Direct application of SmoothQuant causes a 10.8% mAP drop; FQ-PETR reduces this to only 0.08. Overall: 3.9× speedup, 75% memory reduction.

Ablation Study¶

Inverse-sigmoid is the root cause of magnitude explosion (11.5× amplification); QFPE eliminates this via single-point sampling and anchor interpolation.
Three anchor points is optimal; both fewer and more anchors degrade performance.
DULUT with (32, 32) entries matches the accuracy of a 256-entry linear LUT while using 4× fewer entries.
QANS truncation with \(N \geq 20\) is lossless; \(N < 20\) degrades performance due to over-truncation.
DULUT outperforms the polynomial approximations used in I-BERT/I-ViT (NDS lower by 1–2%).
QFPE also improves FP32 performance, attributed to better local similarity in position encoding.

Highlights & Insights¶

First fully INT8 quantization of PETR with negligible accuracy loss — directly addressing the gap in quantization of transformer-based 3D detectors.
QFPE is elegantly designed — it not only resolves quantization issues but also improves FP32 performance, achieving two goals simultaneously.
DULUT is broadly applicable — suitable for quantizing any nonlinear function (SiLU/GELU/Softmax) and validated effective on LLMs as well.
QANS is simple yet effective — a conceptually clear technique (stabilize first, then quantize) with significant impact (without it, mAP drops by 10+%).
Deployment results are impressive: 3.9× speedup and 75% memory reduction, meeting the requirements for on-vehicle deployment.

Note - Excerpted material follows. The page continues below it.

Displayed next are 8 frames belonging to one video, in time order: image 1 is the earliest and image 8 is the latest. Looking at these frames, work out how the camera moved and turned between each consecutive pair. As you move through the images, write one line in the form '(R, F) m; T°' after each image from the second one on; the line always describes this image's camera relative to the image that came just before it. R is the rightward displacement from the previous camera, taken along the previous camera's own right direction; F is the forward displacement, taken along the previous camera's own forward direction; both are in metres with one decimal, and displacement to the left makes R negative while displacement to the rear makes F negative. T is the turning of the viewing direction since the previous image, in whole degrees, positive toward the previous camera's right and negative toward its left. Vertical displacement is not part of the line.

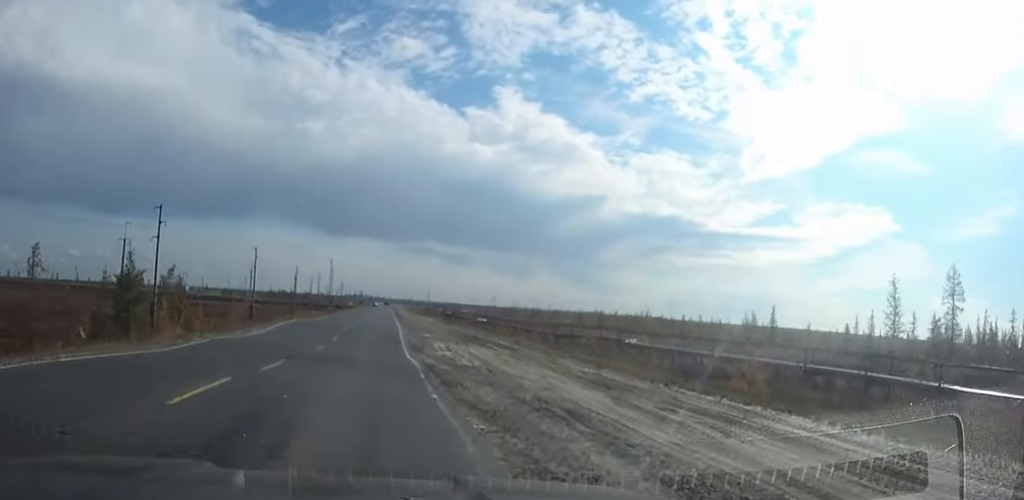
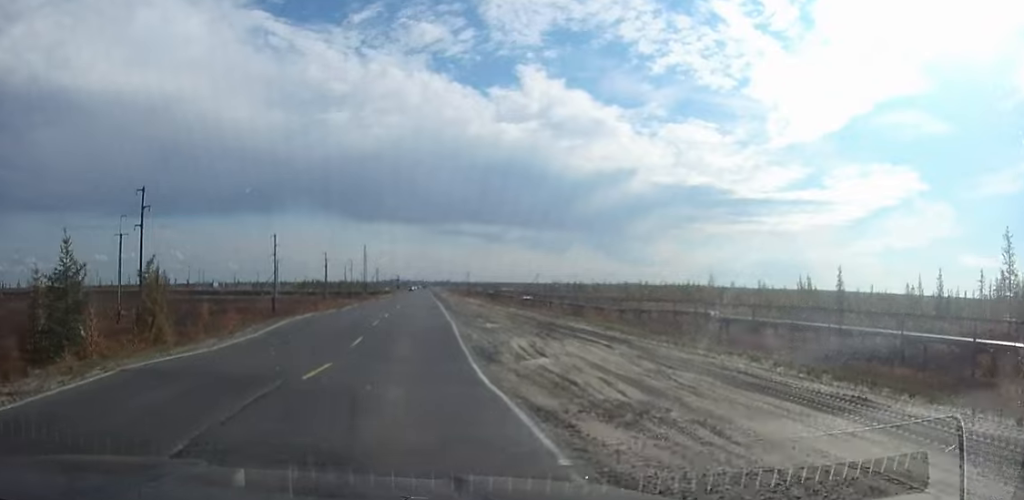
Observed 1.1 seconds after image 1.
(-0.2, +11.3) m; 0°
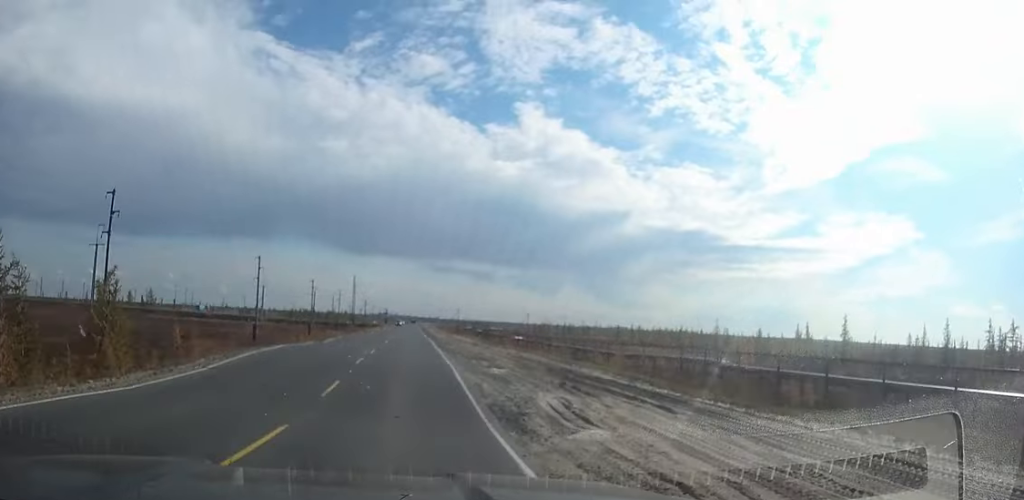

Limitations & Future Work¶

QFPE requires retraining the position encoding module; although the cost is comparable to QAT, it is not purely PTQ.
Validation is limited to nuScenes; generalization to other datasets such as Waymo or KITTI has not been explored.
Only INT8 quantization is considered; more aggressive INT4 quantization remains unexplored.
No comparison is made against quantization of BEV-based methods (e.g., BEVFormer).

vs. SmoothQuant/QuaRot: These general-purpose quantization methods cause catastrophic degradation when directly applied to PETR (10–20% mAP drop), as they do not address the magnitude mismatch introduced by position encodings.
vs. QD-BEV: QD-BEV employs QAT with distillation for BEV detectors; FQ-PETR with QFPE surpasses QAT (36 epochs) using fewer training epochs (24).
vs. I-BERT/I-ViT: These methods use polynomial approximations for nonlinear functions, yielding lower accuracy than DULUT (NDS lower by 1–2%).

DULUT can be directly applied to INT8 quantization of LLMs (preliminarily validated in the paper) and serves as a general-purpose tool.
The "anchor embedding + convex combination for magnitude bounding" paradigm in QFPE can be generalized to other position encodings that require quantization.
The QANS principle of "stabilize before quantize" is applicable to any model with softmax (VLMs, LLMs).

Rating¶

Novelty: ⭐⭐⭐⭐⭐ — Three innovation components each address distinct problems; QFPE and DULUT are genuinely novel.
Experimental Thoroughness: ⭐⭐⭐⭐⭐ — Four PETR variants, multiple backbones/resolutions, comprehensive ablations, and theoretical analysis.
Writing Quality: ⭐⭐⭐⭐⭐ — Problem analysis is thorough, theoretical derivations are rigorous, and figures are intuitive.
Value: ⭐⭐⭐⭐⭐ — Directly addresses the core deployment bottleneck of PETR with high practical significance.